Multi-Office Effort Leads to Dismissal of State Court Lawsuit
April 3, 2018
Mark Rogers and Joe Kingma of our Atlanta office combined with Patrick Norris and Clinton Magill of our Charleston office to obtain dismissal of a claim against an outside insurance adjuster in a dispute related to an 8-figure, multi-layer hurricane loss in South Carolina state court. After briefing and oral argument, the judge granted the motion to dismiss relating to claims for breach of contract and injunctive relief. The dismissal was without prejudice, so stay tuned for a potential round two in the near future.
Patrick Norris and Clinton Magill Secure Voluntary Majority Dismissal with Prejudice of Cross-Claims Asserted Against Framing Subcontractor Client
January 12, 2018
Patrick Norris and Clinton Magill recently secured a voluntary majority dismissal of cross-claims asserted against their framing subcontractor client in Beaufort County, South Carolina. In this construction defect case, a homeowner sued various contractors, including the two general contractors for the project. In response, the general contractors brought five cross-claims against Patrick and Clinton’s framing subcontractor client for indemnity, negligence, breach of contract, breach of express warranties, and breach of the implied warranty of workmanlike service. The general contractors sought actual, consequential, and punitive damages. In November 2017, Patrick and Clinton filed a motion to dismiss the general contractors’ cross-claims in the Beaufort County Circuit Court, arguing (1) the cross-claims were nothing more than disguised claims for equitable indemnity; (2) the cross-claims were barred by the statute of repose; and (3) the cross-claims were barred by the statute of limitations. In January 2018, with a hearing on the dispositive motion looming, Patrick and Clinton forced a deal with the general contractors wherein in exchange for withdrawal of the motion, the general contractors agreed to voluntarily dismiss, with prejudice, their cross-claims for negligence, breach of contract, breach of express warranties, and breach of the implied warranty of workmanlike service. Thus, as a result of their motion and creative legal arguments, Patrick and Clinton secured a majority dismissal of the cross-claims without having to go forward with the hearing.

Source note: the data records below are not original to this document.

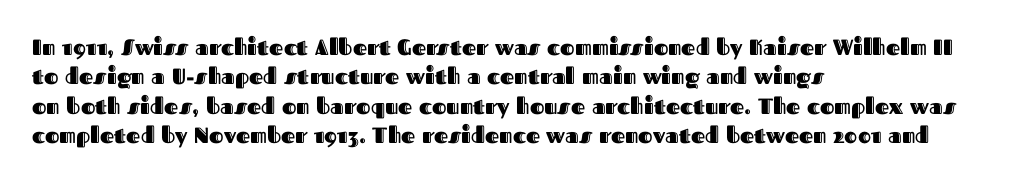
The image shows 22 px text type, upright; set left-aligned, normal line spacing (1.34x), normal letter spacing, not underlined.
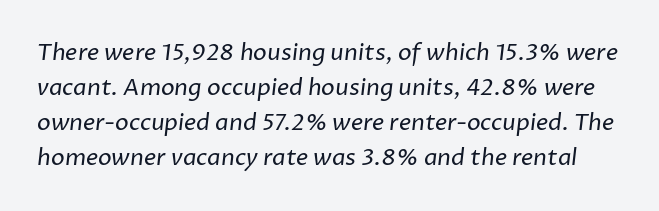
{"bold": "no", "underline": "no", "line_spacing": "normal", "line_spacing_ratio": 1.52, "letter_spacing": "normal", "letter_spacing_em": 0.0, "glyph_px": 23}
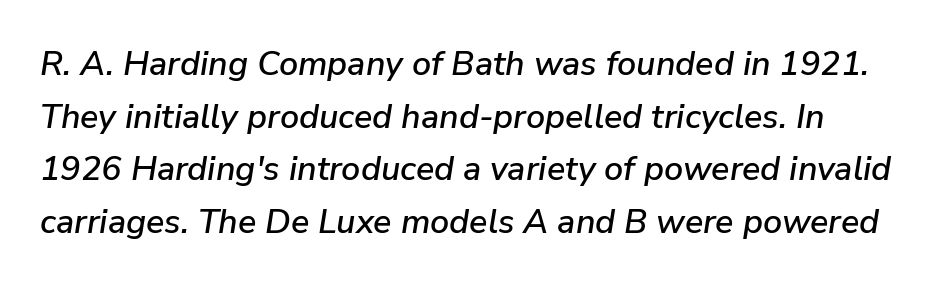
The rendering keeps characters at their native spacing. The rendering applies a slant to the glyphs. These lines are rendered in a variable-pitch font. The line-height multiplier appears to be the usual default. The passage shown is not underscored anywhere.
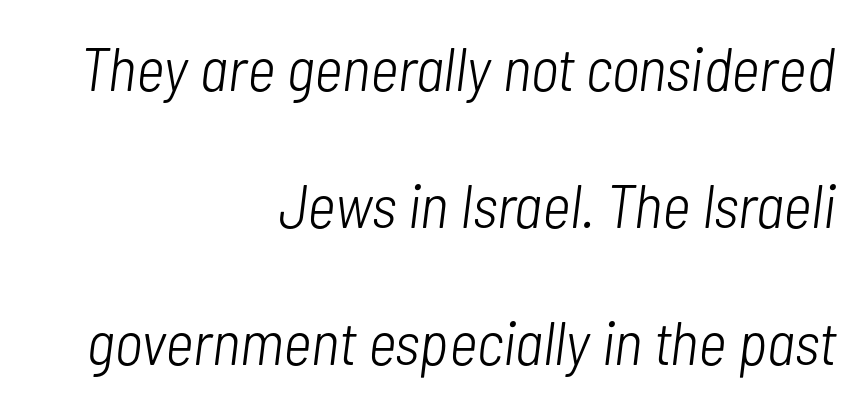
The image shows 62 px light, condensed type, italic (leaning right); set right-aligned, loose line spacing (2.21x), normal letter spacing, not underlined; low stroke contrast and a medium x-height.

Kathy Carlsten and Clinton Magill Secure Complete Dismissal for Third-Party Claims Administrator and Majority Dismissal for Insurance Company
January 8, 2018
Kathy Carlsten and Clinton Magill obtained a complete dismissal for their third-party claims administrator client in Anderson County, South Carolina. Additionally, they successfully dismissed four claims asserted against their insurance company client in the same case. The plaintiff’s complaint alleged four claims against both clients for civil conspiracy, breach of covenant of good faith and fair dealing, unfair trade practices, and bad faith. The plaintiff also brought an additional claim against the insurance company for fraud. Kathy and Clinton filed a motion to dismiss the plaintiff’s complaint and argued their motion in the Anderson County Circuit Court. At the hearing, Clinton argued that (1) the plaintiff’s civil conspiracy claim must be dismissed because the plaintiff had failed to plead both special damages and an overt act done pursuant to a common scheme; (2) the plaintiff’s breach of covenant of good faith and fair dealing claim was duplicative of its bad faith claim and was otherwise foreclosed by admissions contained within the complaint; and (3) the plaintiff’s unfair trade practices claim was barred because the Unfair Trade Practices Act did not apply to practices regulated under South Carolina’s Insurance Trade Practices Act. The Circuit Court agreed on all grounds and dismissed these claims against both clients with prejudice. Additionally, Clinton argued that the plaintiff’s bad faith action must fail as to the administrator because no bad faith claim can be brought against a third-party administrator in South Carolina. The Circuit Court again agreed and granted their motion as to the remaining claim against the administrator, thereby dismissing it from the case with prejudice. Finally, Clinton argued—and the Court agreed—that the plaintiff had failed to plead fraud with particularity and that the fraud claim against the insurance company must therefore be dismissed. As a result of their motion, Kathy and Clinton secured a complete dismissal of their administrator client and a dismissal of four claims against their insurance company client, all of which was with prejudice
Jack Daniel and Clinton Magill Defeat Plaintiff’s Attempts to Reopen Case Against Attorney and its Firm
April 17, 2017
Jack Daniel and Clinton Magill successfully opposed a plaintiff’s recent attempts to reopen a case against their legal clients in Beaufort County, South Carolina. The plaintiff originally brought an action in 2011 against a non-profit legal firm, its attorney, and a paralegal. The Plaintiff attempted to assert actions for fraud, civil conspiracy, malicious prosecution, defamation, conversion, and trespass against the legal team. In 2013, Sarah Wetmore and Jack Daniel successfully pursued a motion to dismiss as to the firm and its paralegal and a motion for summary judgment as to the attorney. After the trial court granted both motions in two separate orders, these orders were consolidated and affirmed on appeal. Recently, however, the plaintiff filed a motion to reopen its case and attempted to file motions for relief from the judgments based on allegations of fraud and newly discovered evidence. Jack and Clinton filed an opposition to the plaintiff’s motion and Clinton proceeded to argue their opposition in the Beaufort County Circuit Court. At the hearing, Clinton argued that the fully and finally adjudicated orders of the Court were the law of the case, that the plaintiff had not timely filed its motions for relief, and that all of the plaintiff’s motions otherwise lacked any merit. The Circuit Court agreed on all grounds and ultimately dismissed the plaintiff’s attempts to reopen its case against the legal team.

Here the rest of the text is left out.